(Stored entries)
= Beginning of Section =

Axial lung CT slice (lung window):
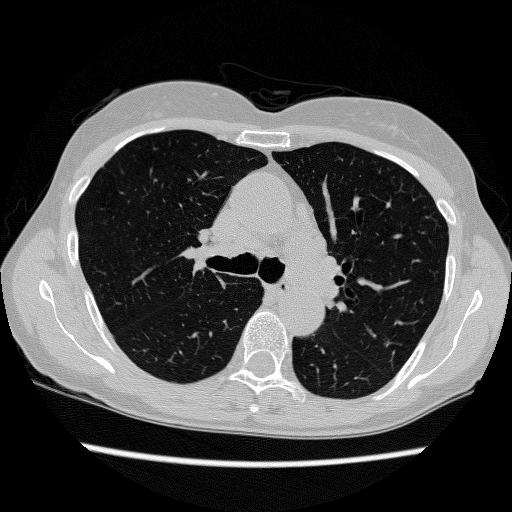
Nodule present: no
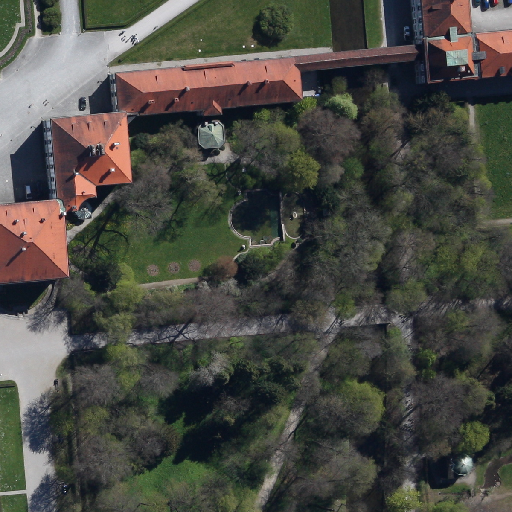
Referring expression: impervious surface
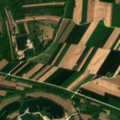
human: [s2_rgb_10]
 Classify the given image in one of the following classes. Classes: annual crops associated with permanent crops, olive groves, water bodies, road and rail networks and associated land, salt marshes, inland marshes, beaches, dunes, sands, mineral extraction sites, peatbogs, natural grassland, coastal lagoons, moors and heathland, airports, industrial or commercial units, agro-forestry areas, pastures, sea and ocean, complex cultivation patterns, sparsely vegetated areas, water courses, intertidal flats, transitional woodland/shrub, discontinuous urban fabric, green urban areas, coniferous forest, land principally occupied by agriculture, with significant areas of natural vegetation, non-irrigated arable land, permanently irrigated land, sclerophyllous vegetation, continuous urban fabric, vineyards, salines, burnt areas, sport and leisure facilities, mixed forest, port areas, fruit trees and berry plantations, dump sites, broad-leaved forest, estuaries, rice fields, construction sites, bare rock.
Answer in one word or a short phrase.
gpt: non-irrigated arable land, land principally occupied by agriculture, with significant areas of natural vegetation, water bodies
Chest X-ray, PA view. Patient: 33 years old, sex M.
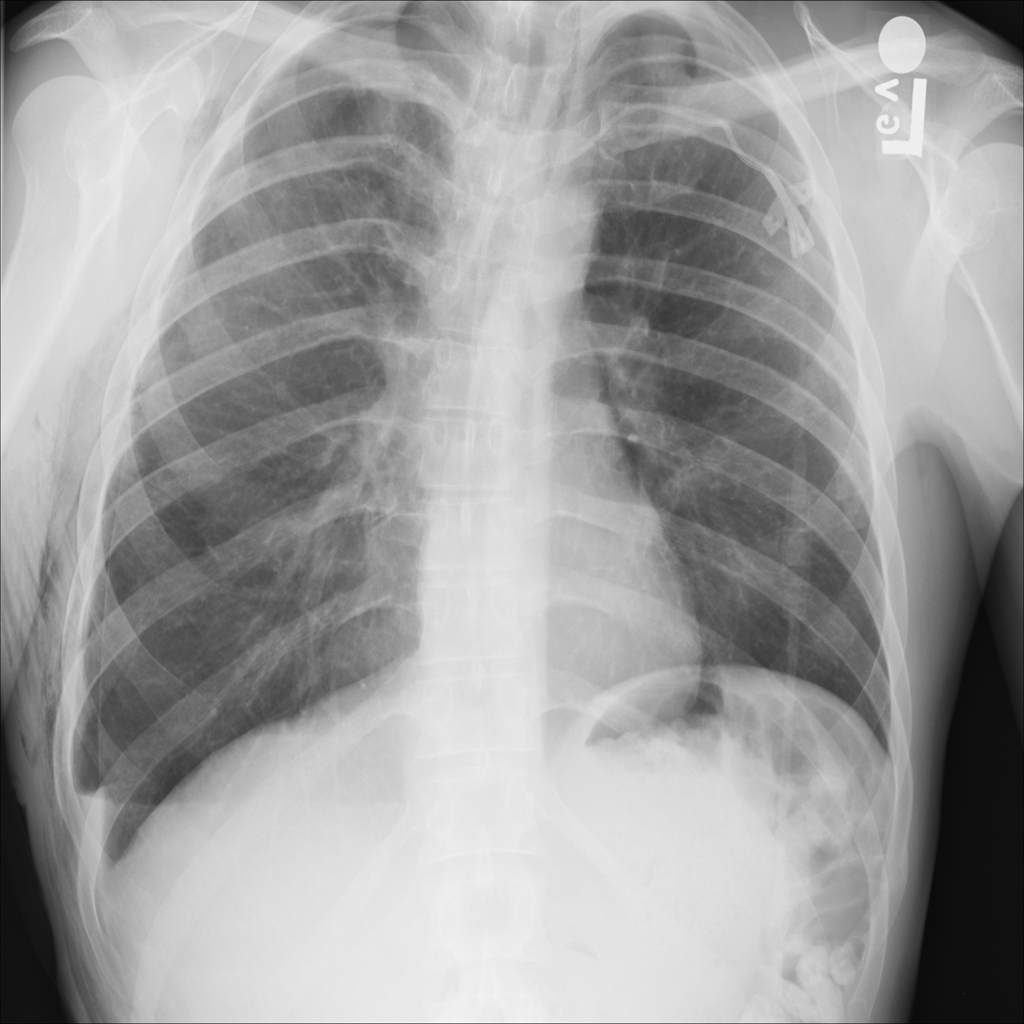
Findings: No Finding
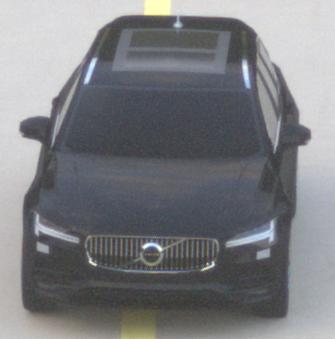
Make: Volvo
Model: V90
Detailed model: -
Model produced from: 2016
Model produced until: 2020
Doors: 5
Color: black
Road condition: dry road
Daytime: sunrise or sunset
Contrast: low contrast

= End of Section =
= Beginning of Section =

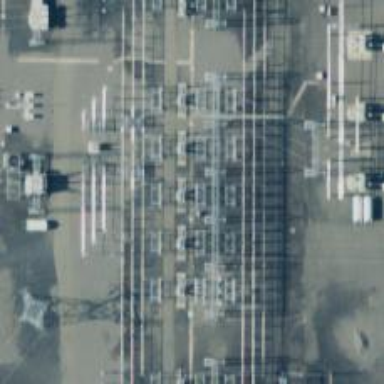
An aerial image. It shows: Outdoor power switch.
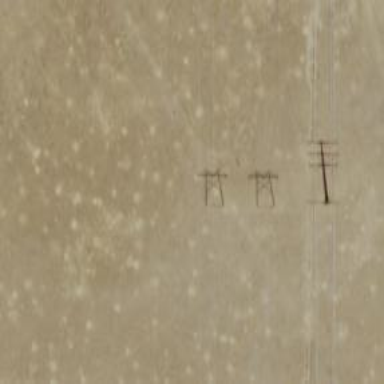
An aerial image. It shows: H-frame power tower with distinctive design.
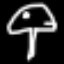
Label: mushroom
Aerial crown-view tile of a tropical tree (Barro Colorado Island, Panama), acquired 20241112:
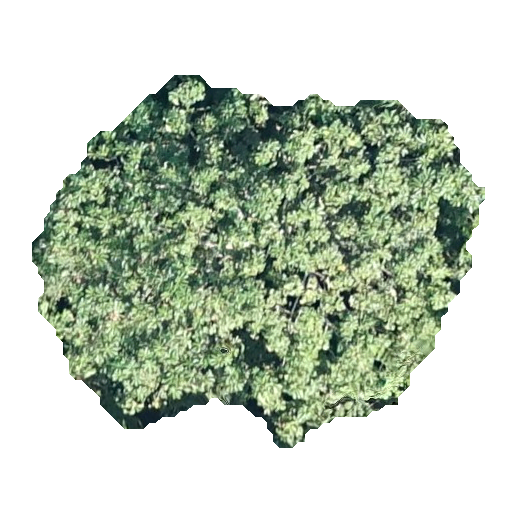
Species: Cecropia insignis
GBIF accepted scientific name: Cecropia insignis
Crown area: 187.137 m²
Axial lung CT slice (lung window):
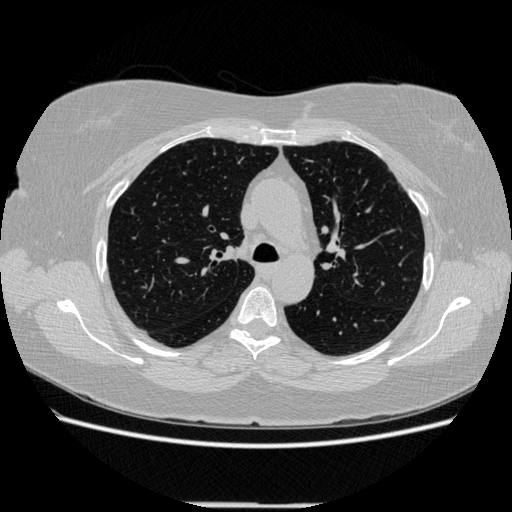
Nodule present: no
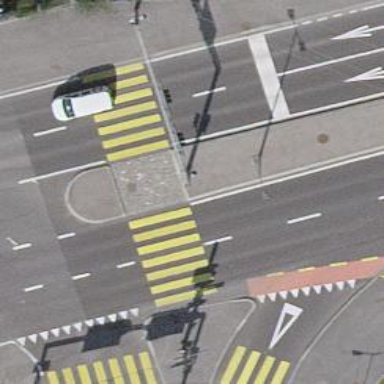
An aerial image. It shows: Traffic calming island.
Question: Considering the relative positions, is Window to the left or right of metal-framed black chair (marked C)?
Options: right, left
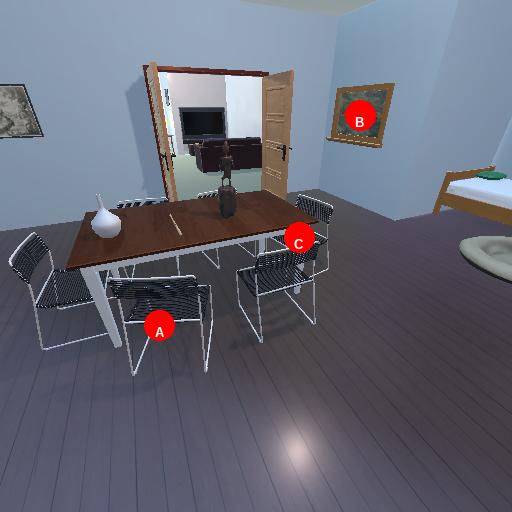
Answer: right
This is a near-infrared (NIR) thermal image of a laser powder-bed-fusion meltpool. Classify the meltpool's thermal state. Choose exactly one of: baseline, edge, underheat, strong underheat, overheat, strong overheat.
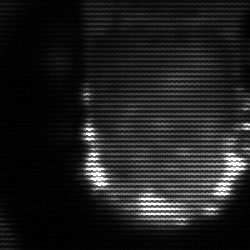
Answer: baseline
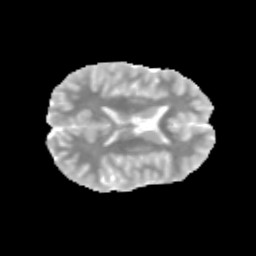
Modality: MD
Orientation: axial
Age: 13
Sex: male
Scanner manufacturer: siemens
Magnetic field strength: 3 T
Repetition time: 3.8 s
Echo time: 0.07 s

= End of Section =
= Beginning of Section =

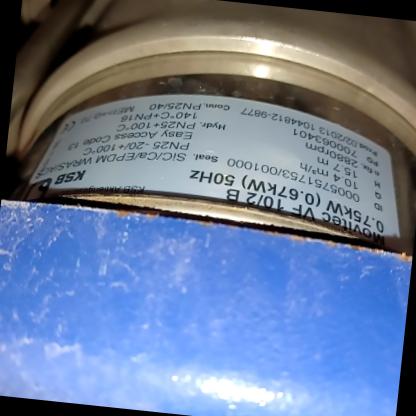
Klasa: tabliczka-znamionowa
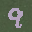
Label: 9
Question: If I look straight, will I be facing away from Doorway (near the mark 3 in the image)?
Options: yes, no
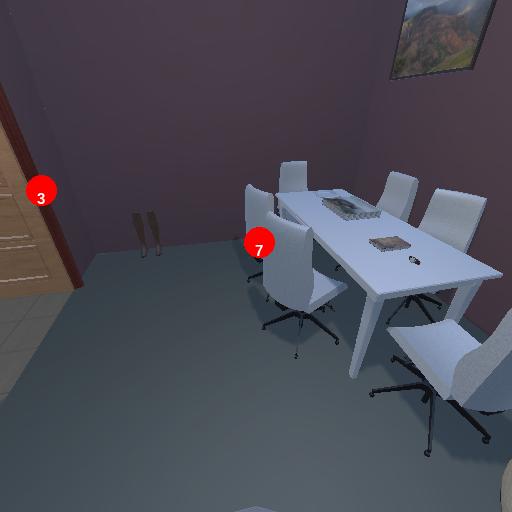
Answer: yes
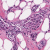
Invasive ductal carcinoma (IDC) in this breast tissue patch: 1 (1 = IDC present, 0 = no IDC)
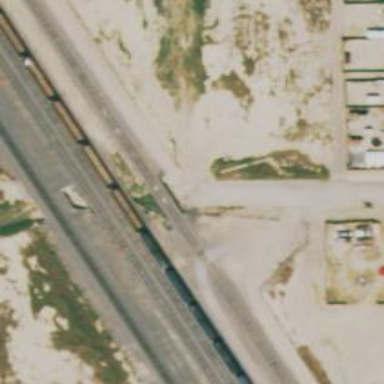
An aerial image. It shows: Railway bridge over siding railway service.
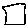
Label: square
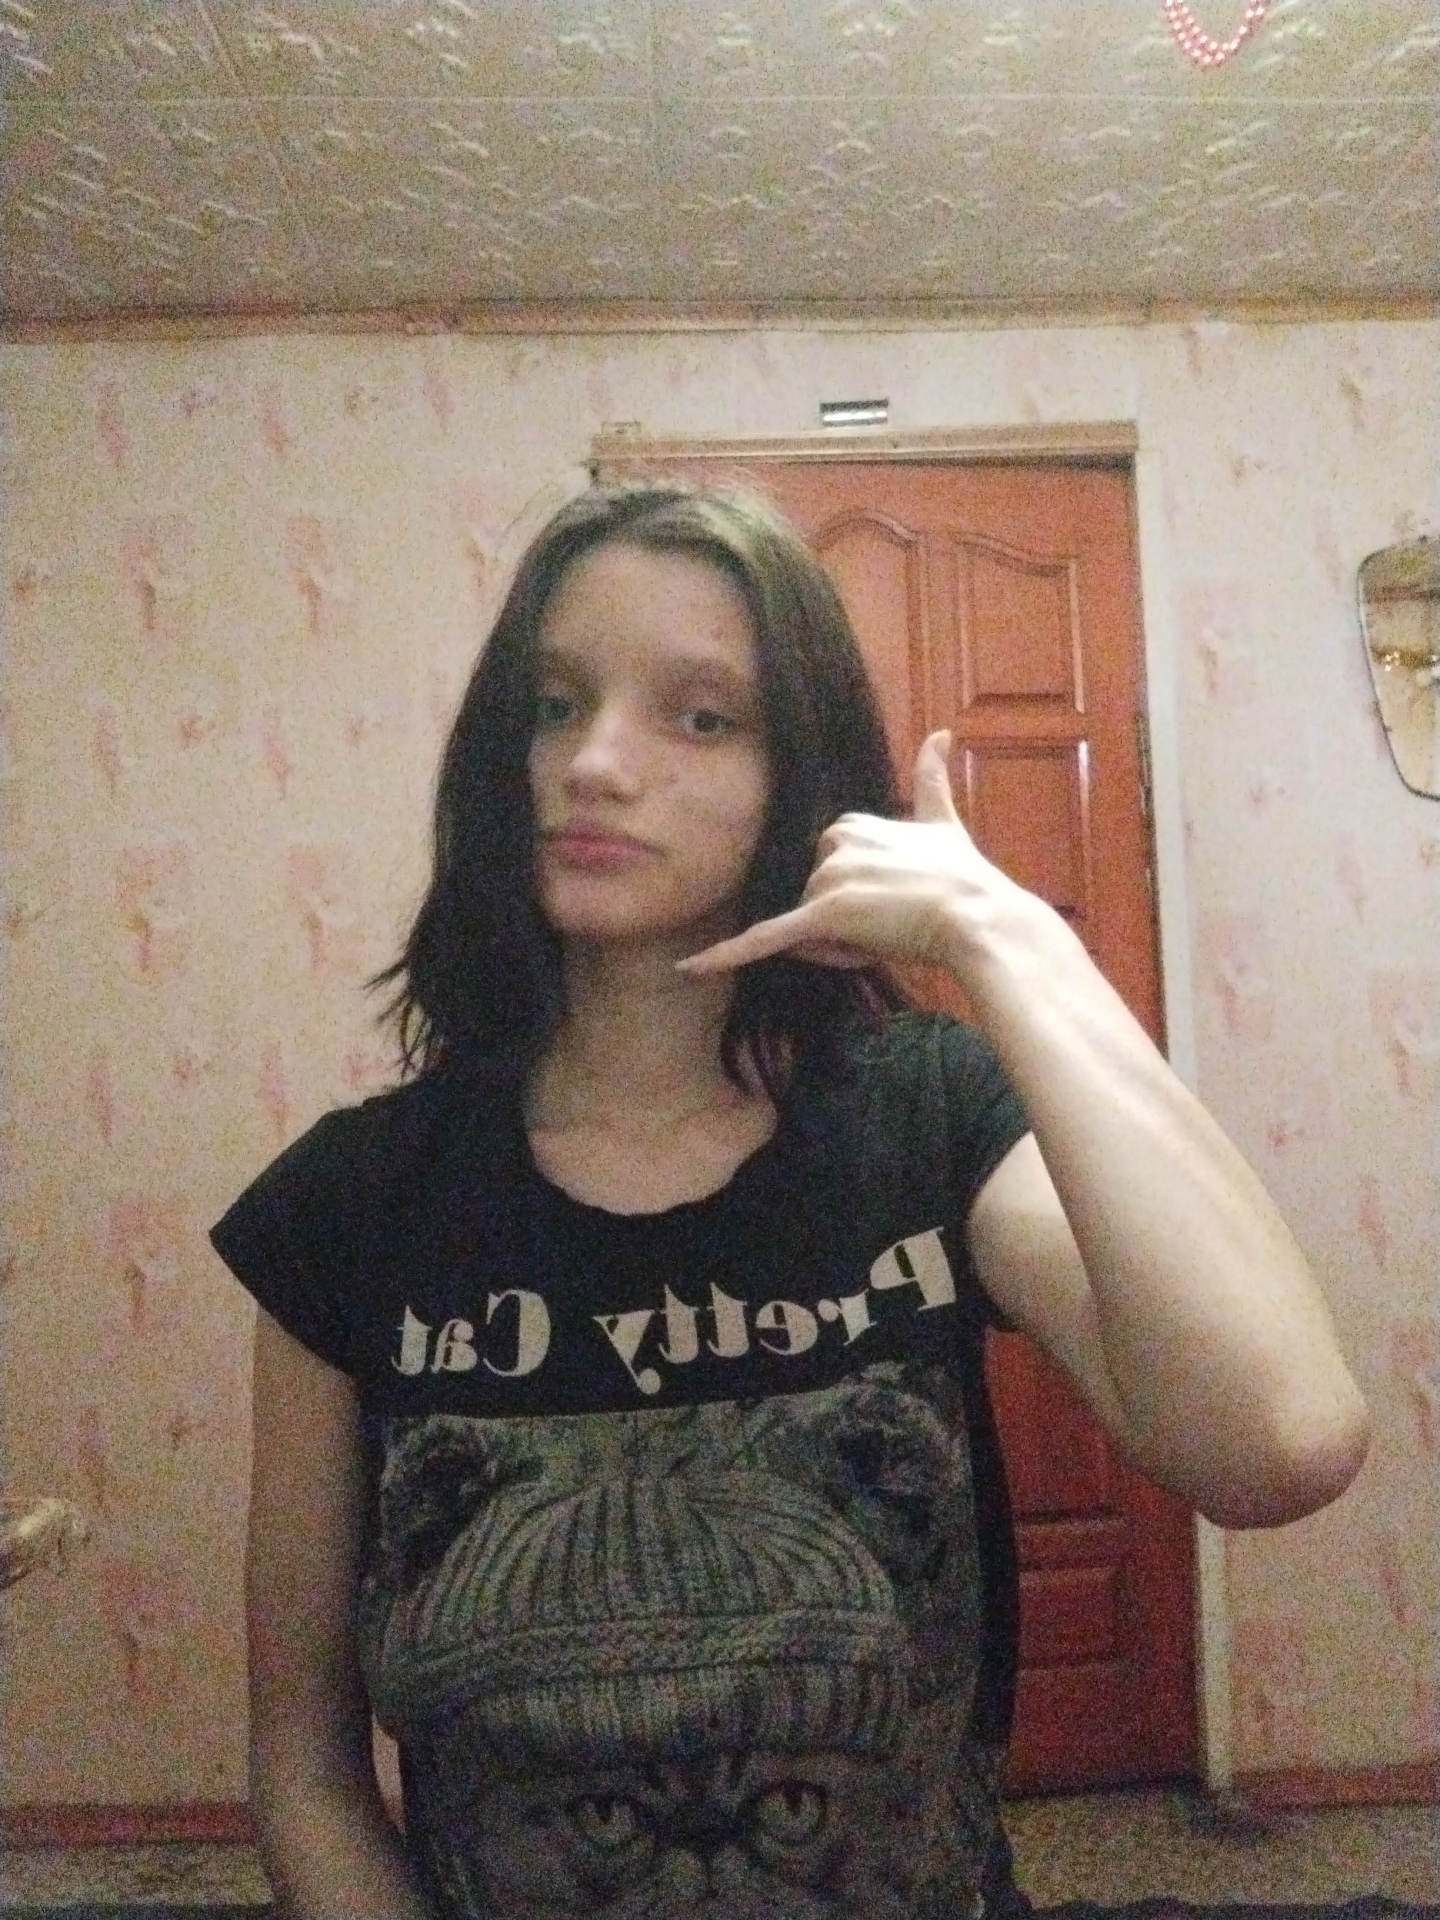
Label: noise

= End of Section =

The answer must consist of every line from the records above that holds "baseline".

This is a near-infrared (NIR) thermal image of a laser powder-bed-fusion meltpool. Classify the meltpool's thermal state. Choose exactly one of: baseline, edge, underheat, strong underheat, overheat, strong overheat.
Answer: baseline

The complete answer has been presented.